Of course Hong Kong can handle mainland capital
We've been musing on the wisdom emanating from the recently concluded Asian Financial Forum. We noted yesterday the remarks by stock exchange CEO Charles Li Xiaojia who apparently labours under the impression that such will be the rapidity of change in the mainland over the next six years that, "economically, mainland China and Hong Kong will be one country, one system by 2020". But we overlooked the remarks of someone else on the panel, Lawrence Lau Juen-yee, chairman of CIC International (Hong Kong), who also believed Hong Kong needed to do more to remain competitive. He reportedly said the mainland has "too much capital" and warned: "When the capital is coming out, I challenge you, Hong Kong is not ready for that."
For all its shortcomings our view is that if there is one thing Hong Kong can do, it is to handle capital coming out of the mainland. Indeed a report by Global Financial Integrity reported recently that illicit capital flows into the mainland from Hong Kong totalled some US$155 billion in 2012. Our colleague Jake van der Kamp has also elegantly spelt out how mainland exporters "export" capital without it even reaching the mainland by under-invoicing its wholly owned agent in Hong Kong which then adds its premium before passing the goods on to the final destination. The "premium" can either return as foreign direct investment or stay outside the mainland. Mainland financial institutions have also been imaginative in the way that they have "facilitated" property purchases in Hong Kong by mainland investors, despite capital restrictions.
So we think the problem is not so much whether Hong Kong is ready for the deluge of capital should it ever happen, but whether the mainland is prepared for it. Because should restrictions on the capital account be lifted any time soon, it will be like opening a floodgate. Which is why we think that these gentlemen are a tad optimistic in assuming that Hong Kong and mainland China will be one country, one system by 2020.
Why 18 per cent is good
Canning Fok Kin-ning, chairman of Power Asset Holdings, was in an ebullient mood as he presided over a press conference to announce details of the HK Electric Investments IPO, which is being spun out of Power Assets. This was a rare appearance by Fok, who usually eschews such events. But it was all in a good cause since Power Assets stands to raise some US$3.6 billion from the IPO. HK Electric comprises all of the group's Hong Kong electricity assets.

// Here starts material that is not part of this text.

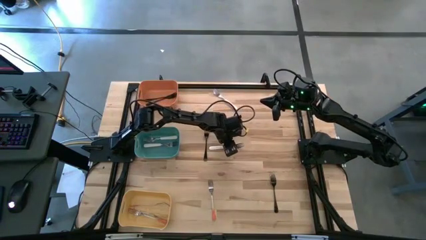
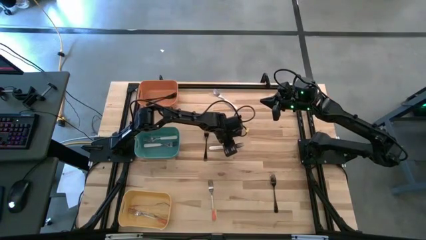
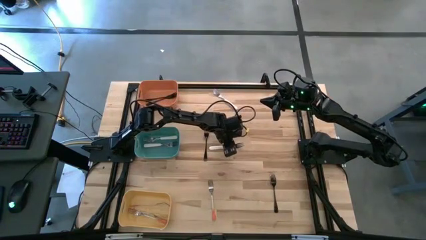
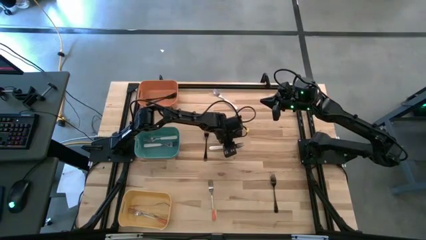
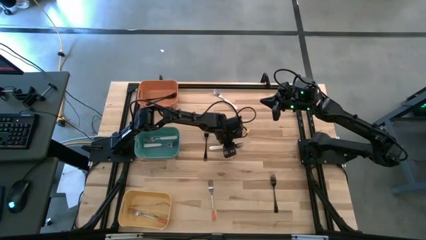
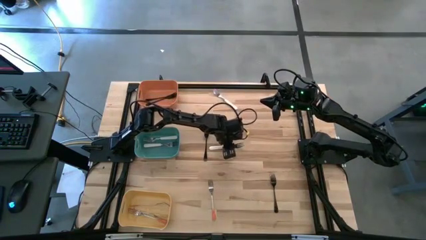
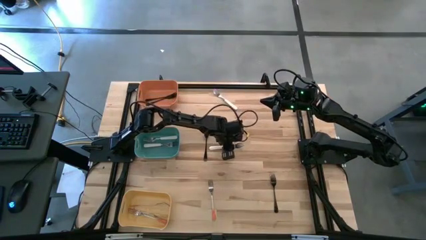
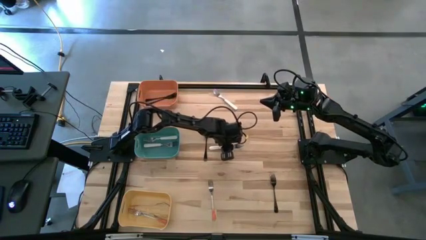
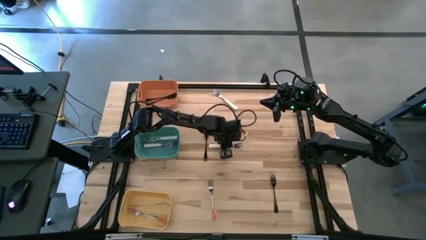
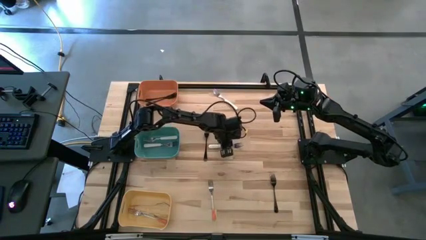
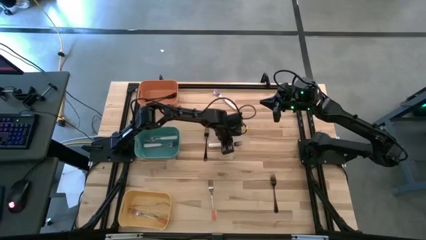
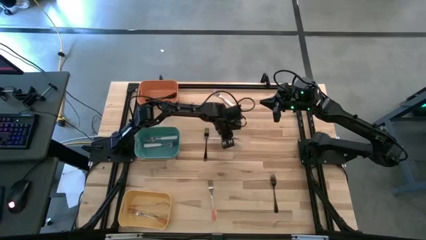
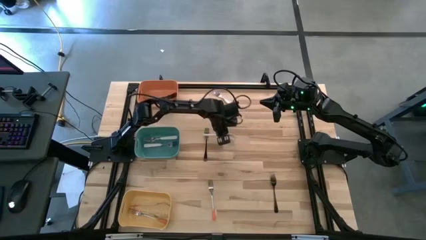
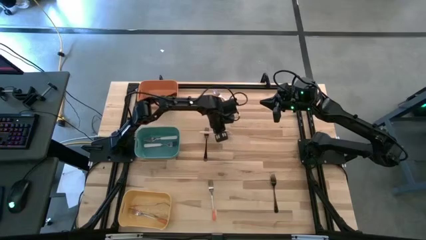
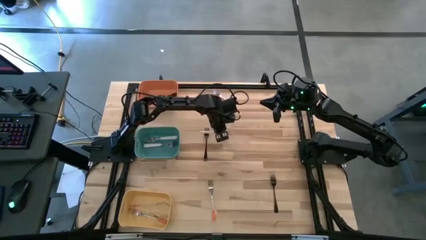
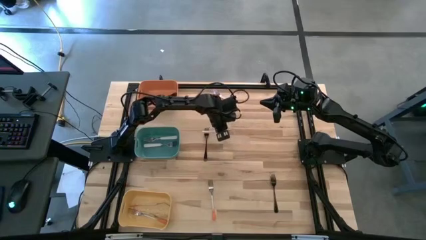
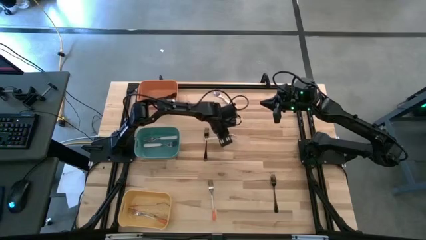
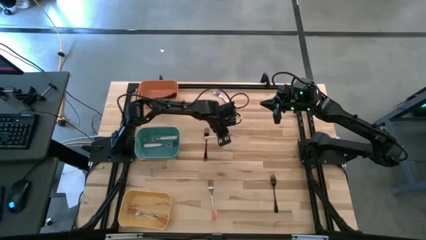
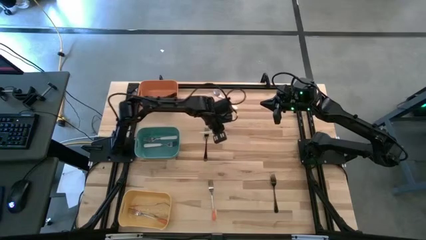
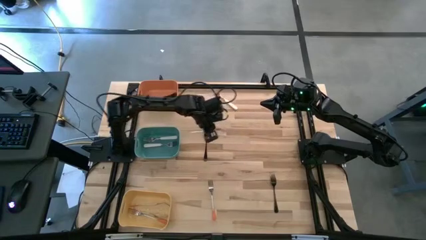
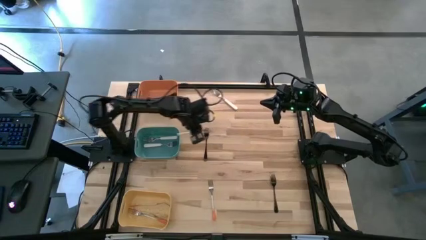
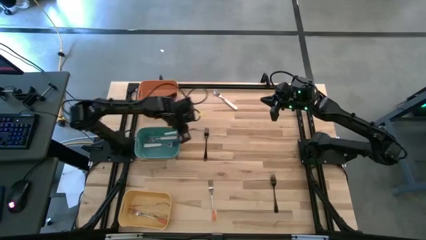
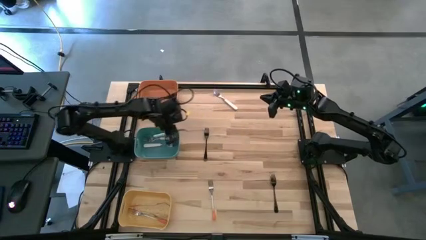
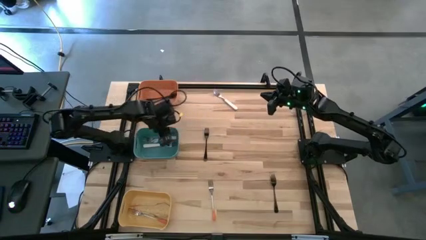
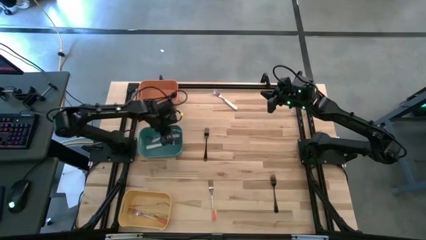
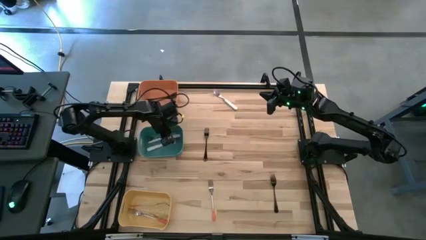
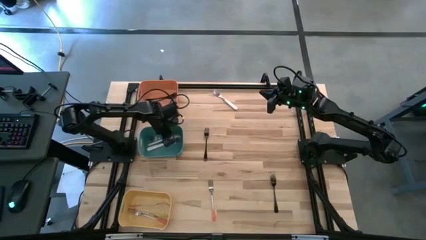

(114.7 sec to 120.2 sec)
Task: Sort silverware by color (type)
Put the white fork into the green bin

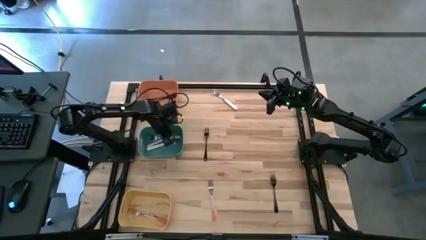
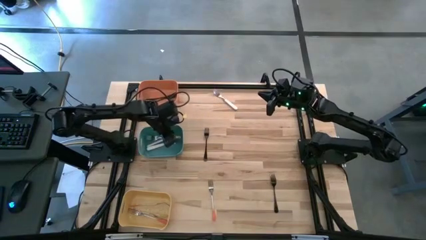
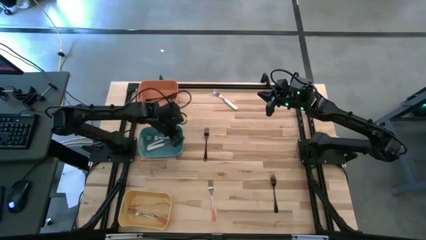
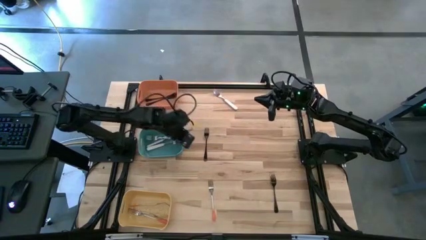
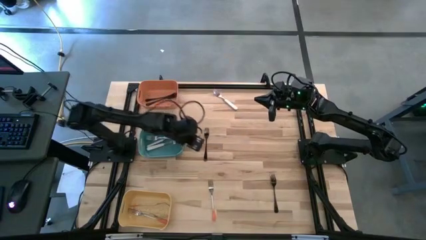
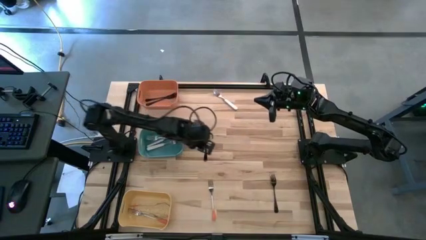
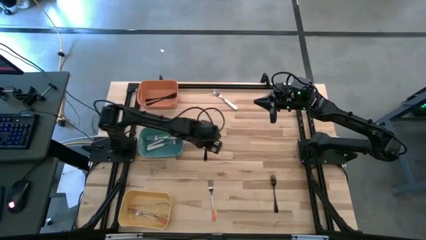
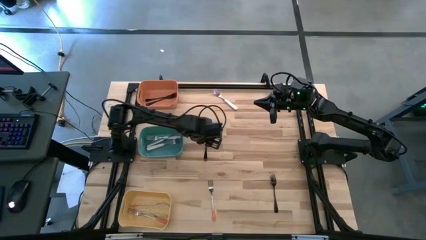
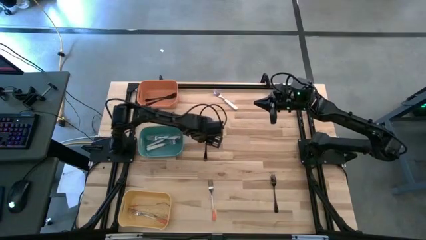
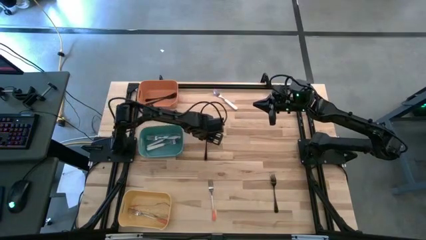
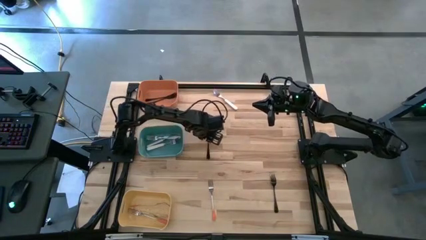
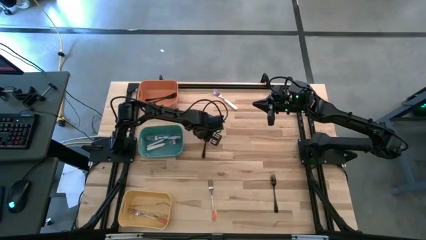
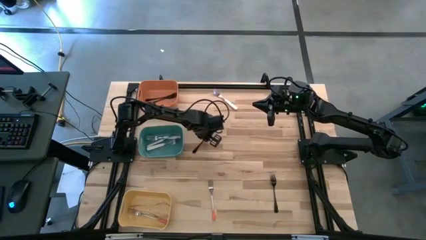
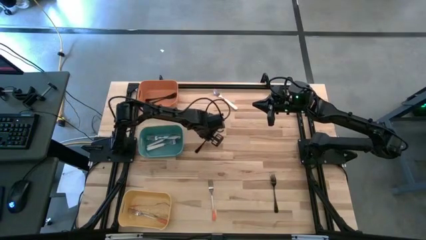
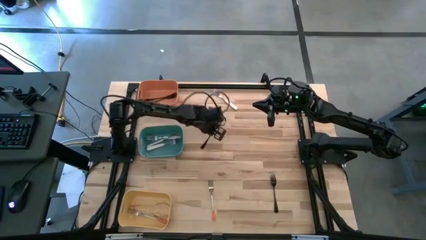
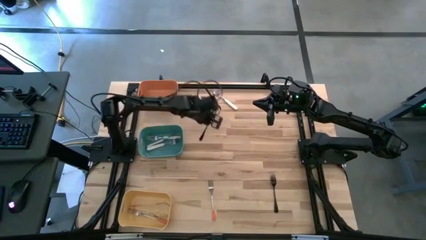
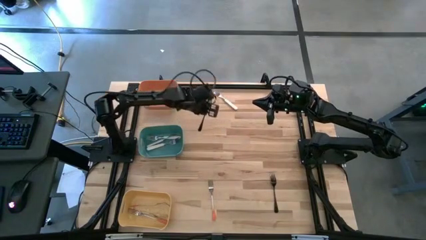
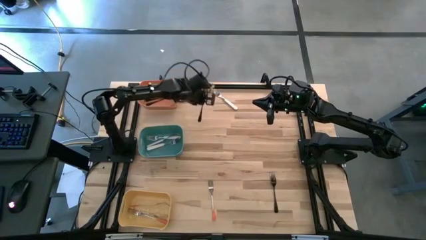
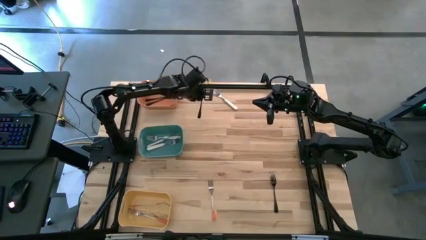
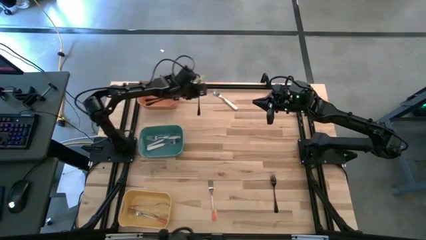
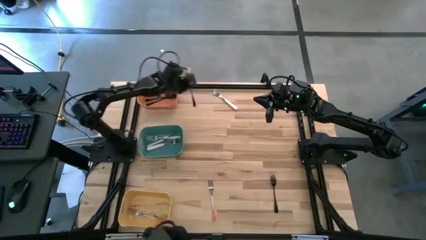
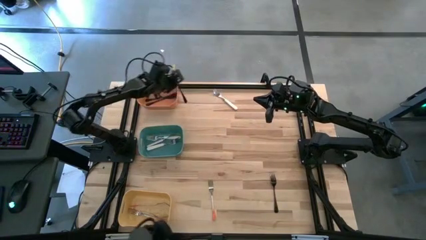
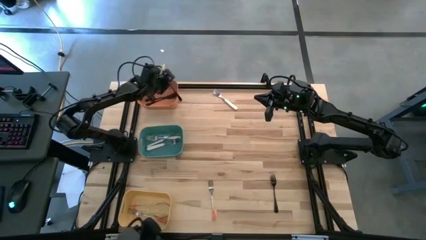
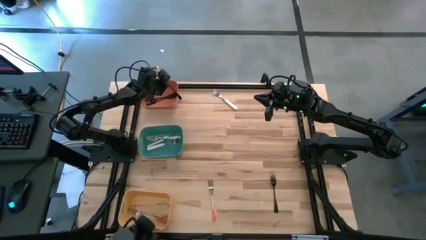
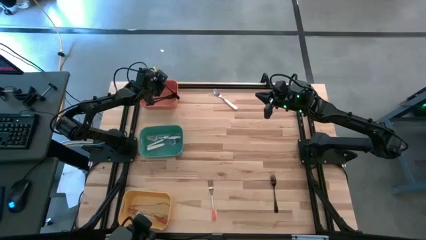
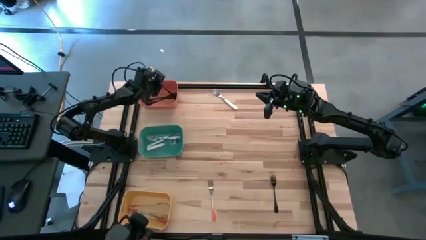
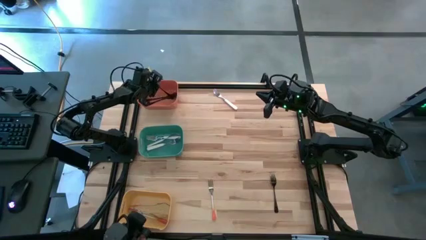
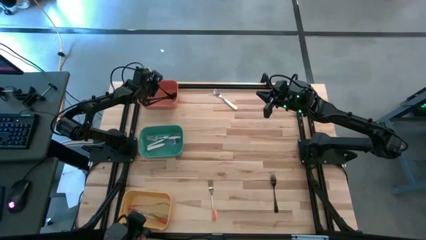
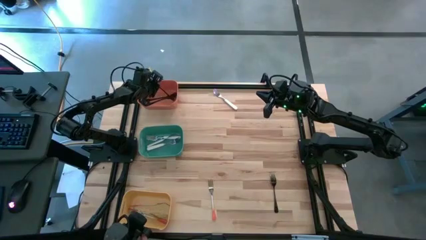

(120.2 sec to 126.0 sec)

Fok was queried about why cornerstone investor State Grid Corp of China had been allowed to purchase 18 per cent of HK Electric. The other cornerstone investor, Oman Investment Fund, a sovereign wealth fund of the Oman government, agreed to subscribe to 0.7-0.8 per cent of the total number of units issued.
"18 is quite a good number," Fok cheerily replied. In Cantonese 18 is sup bat. "It sounds like sut fat in Cantonese, which means 'surely we will become prosperous'. It is a testament of the quality of our assets and State Grid's confidence in our company." Such are the intricacies of high finance.
An odd discussion
More fun and games from the Asian Financial Forum, where we understand that the workshop on Strategic Opportunities with the Upcoming Asean Economic Community turned out to be a strange affair. The hour-long session kicked off with remarks lasting some 20 minutes from Ngurah Swajaya, Ambassador/Permanent Representative of Indonesia to Asean. The rest of the panel got about two minutes each thanks to, shall we say, robust management by the bow-tied moderator, Alexander Wan, who is a senior adviser with China Daily.
There then followed a rather odd period when Wan and Li Yao, CEO of China-Asean Investment Co-operation Fund, zeroed in on Swajaya with a series of questions, while excluding the rest of the panel and the audience, until he finally agreed with them that mainland Chinese investment in Asean had been a "fantastic" thing. Then the session was opened up to the floor for questions. Wan selected two friends who didn't have their hands up to speak. After that, time ran out leaving some people scratching their heads and wondering, "What was that all about?"